──────── DATA PROVIDED
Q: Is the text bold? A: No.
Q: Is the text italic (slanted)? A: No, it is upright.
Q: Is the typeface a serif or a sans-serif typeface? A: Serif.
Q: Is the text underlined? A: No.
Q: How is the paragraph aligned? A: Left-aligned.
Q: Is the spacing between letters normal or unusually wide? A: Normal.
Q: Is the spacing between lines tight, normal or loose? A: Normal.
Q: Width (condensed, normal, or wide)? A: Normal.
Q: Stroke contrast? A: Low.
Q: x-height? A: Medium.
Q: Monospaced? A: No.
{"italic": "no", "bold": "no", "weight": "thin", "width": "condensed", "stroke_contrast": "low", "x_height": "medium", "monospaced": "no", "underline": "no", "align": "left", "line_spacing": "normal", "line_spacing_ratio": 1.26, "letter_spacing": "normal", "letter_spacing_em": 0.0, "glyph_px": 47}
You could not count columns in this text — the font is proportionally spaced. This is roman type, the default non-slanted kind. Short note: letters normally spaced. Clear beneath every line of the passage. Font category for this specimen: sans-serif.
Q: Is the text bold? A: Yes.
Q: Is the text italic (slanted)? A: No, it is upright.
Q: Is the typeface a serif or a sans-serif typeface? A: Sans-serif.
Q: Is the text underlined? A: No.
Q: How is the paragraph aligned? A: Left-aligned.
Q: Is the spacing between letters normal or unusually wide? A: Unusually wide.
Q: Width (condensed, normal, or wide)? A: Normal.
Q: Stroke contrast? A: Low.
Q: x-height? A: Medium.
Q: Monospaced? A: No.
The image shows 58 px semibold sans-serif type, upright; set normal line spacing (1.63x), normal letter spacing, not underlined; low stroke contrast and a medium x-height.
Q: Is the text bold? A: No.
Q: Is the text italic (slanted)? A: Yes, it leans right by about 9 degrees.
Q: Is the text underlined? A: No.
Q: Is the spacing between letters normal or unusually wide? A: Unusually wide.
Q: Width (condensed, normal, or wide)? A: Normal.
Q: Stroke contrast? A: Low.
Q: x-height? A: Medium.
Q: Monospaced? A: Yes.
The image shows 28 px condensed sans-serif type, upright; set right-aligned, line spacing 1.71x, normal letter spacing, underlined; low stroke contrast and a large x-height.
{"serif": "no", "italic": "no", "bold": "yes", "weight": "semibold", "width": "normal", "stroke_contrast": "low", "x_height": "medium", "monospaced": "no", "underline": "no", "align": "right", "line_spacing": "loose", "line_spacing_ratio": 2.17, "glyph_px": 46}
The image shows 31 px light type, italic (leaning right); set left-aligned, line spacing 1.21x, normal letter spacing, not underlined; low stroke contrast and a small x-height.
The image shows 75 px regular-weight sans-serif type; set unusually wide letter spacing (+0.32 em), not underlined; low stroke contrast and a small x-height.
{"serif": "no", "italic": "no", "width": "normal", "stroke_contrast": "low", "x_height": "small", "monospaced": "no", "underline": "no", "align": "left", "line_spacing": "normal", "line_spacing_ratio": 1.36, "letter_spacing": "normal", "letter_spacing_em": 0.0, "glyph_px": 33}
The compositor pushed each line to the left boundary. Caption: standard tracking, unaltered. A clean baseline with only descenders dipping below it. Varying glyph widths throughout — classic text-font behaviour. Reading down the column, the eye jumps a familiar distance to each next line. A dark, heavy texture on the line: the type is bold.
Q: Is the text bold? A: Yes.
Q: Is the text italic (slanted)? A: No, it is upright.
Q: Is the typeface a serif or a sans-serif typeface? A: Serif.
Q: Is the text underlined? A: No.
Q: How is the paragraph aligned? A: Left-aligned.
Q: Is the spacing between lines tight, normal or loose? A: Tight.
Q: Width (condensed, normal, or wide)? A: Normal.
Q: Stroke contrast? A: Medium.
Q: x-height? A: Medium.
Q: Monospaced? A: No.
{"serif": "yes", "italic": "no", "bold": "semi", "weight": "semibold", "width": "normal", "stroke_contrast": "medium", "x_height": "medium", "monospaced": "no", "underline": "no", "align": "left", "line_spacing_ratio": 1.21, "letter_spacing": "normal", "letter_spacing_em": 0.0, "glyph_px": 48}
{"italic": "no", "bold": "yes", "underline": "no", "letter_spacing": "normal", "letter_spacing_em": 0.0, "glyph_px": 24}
────────────────
• [TASK BRIEF] Write down every entry exactly.

• [EXPECTED ANSWER]
Q: Is the text bold? A: No.
Q: Is the text italic (slanted)? A: No, it is upright.
Q: Is the typeface a serif or a sans-serif typeface? A: Serif.
Q: Is the text underlined? A: No.
Q: How is the paragraph aligned? A: Left-aligned.
Q: Is the spacing between letters normal or unusually wide? A: Normal.
Q: Is the spacing between lines tight, normal or loose? A: Normal.
Q: Width (condensed, normal, or wide)? A: Normal.
Q: Stroke contrast? A: Low.
Q: x-height? A: Medium.
Q: Monospaced? A: No.
{"italic": "no", "bold": "no", "weight": "thin", "width": "condensed", "stroke_contrast": "low", "x_height": "medium", "monospaced": "no", "underline": "no", "align": "left", "line_spacing": "normal", "line_spacing_ratio": 1.26, "letter_spacing": "normal", "letter_spacing_em": 0.0, "glyph_px": 47}
You could not count columns in this text — the font is proportionally spaced. This is roman type, the default non-slanted kind. Short note: letters normally spaced. Clear beneath every line of the passage. Font category for this specimen: sans-serif.
Q: Is the text bold? A: Yes.
Q: Is the text italic (slanted)? A: No, it is upright.
Q: Is the typeface a serif or a sans-serif typeface? A: Sans-serif.
Q: Is the text underlined? A: No.
Q: How is the paragraph aligned? A: Left-aligned.
Q: Is the spacing between letters normal or unusually wide? A: Unusually wide.
Q: Width (condensed, normal, or wide)? A: Normal.
Q: Stroke contrast? A: Low.
Q: x-height? A: Medium.
Q: Monospaced? A: No.
The image shows 58 px semibold sans-serif type, upright; set normal line spacing (1.63x), normal letter spacing, not underlined; low stroke contrast and a medium x-height.
Q: Is the text bold? A: No.
Q: Is the text italic (slanted)? A: Yes, it leans right by about 9 degrees.
Q: Is the text underlined? A: No.
Q: Is the spacing between letters normal or unusually wide? A: Unusually wide.
Q: Width (condensed, normal, or wide)? A: Normal.
Q: Stroke contrast? A: Low.
Q: x-height? A: Medium.
Q: Monospaced? A: Yes.
The image shows 28 px condensed sans-serif type, upright; set right-aligned, line spacing 1.71x, normal letter spacing, underlined; low stroke contrast and a large x-height.
{"serif": "no", "italic": "no", "bold": "yes", "weight": "semibold", "width": "normal", "stroke_contrast": "low", "x_height": "medium", "monospaced": "no", "underline": "no", "align": "right", "line_spacing": "loose", "line_spacing_ratio": 2.17, "glyph_px": 46}
The image shows 31 px light type, italic (leaning right); set left-aligned, line spacing 1.21x, normal letter spacing, not underlined; low stroke contrast and a small x-height.
The image shows 75 px regular-weight sans-serif type; set unusually wide letter spacing (+0.32 em), not underlined; low stroke contrast and a small x-height.
{"serif": "no", "italic": "no", "width": "normal", "stroke_contrast": "low", "x_height": "small", "monospaced": "no", "underline": "no", "align": "left", "line_spacing": "normal", "line_spacing_ratio": 1.36, "letter_spacing": "normal", "letter_spacing_em": 0.0, "glyph_px": 33}
The compositor pushed each line to the left boundary. Caption: standard tracking, unaltered. A clean baseline with only descenders dipping below it. Varying glyph widths throughout — classic text-font behaviour. Reading down the column, the eye jumps a familiar distance to each next line. A dark, heavy texture on the line: the type is bold.
Q: Is the text bold? A: Yes.
Q: Is the text italic (slanted)? A: No, it is upright.
Q: Is the typeface a serif or a sans-serif typeface? A: Serif.
Q: Is the text underlined? A: No.
Q: How is the paragraph aligned? A: Left-aligned.
Q: Is the spacing between lines tight, normal or loose? A: Tight.
Q: Width (condensed, normal, or wide)? A: Normal.
Q: Stroke contrast? A: Medium.
Q: x-height? A: Medium.
Q: Monospaced? A: No.
{"serif": "yes", "italic": "no", "bold": "semi", "weight": "semibold", "width": "normal", "stroke_contrast": "medium", "x_height": "medium", "monospaced": "no", "underline": "no", "align": "left", "line_spacing_ratio": 1.21, "letter_spacing": "normal", "letter_spacing_em": 0.0, "glyph_px": 48}
{"italic": "no", "bold": "yes", "underline": "no", "letter_spacing": "normal", "letter_spacing_em": 0.0, "glyph_px": 24}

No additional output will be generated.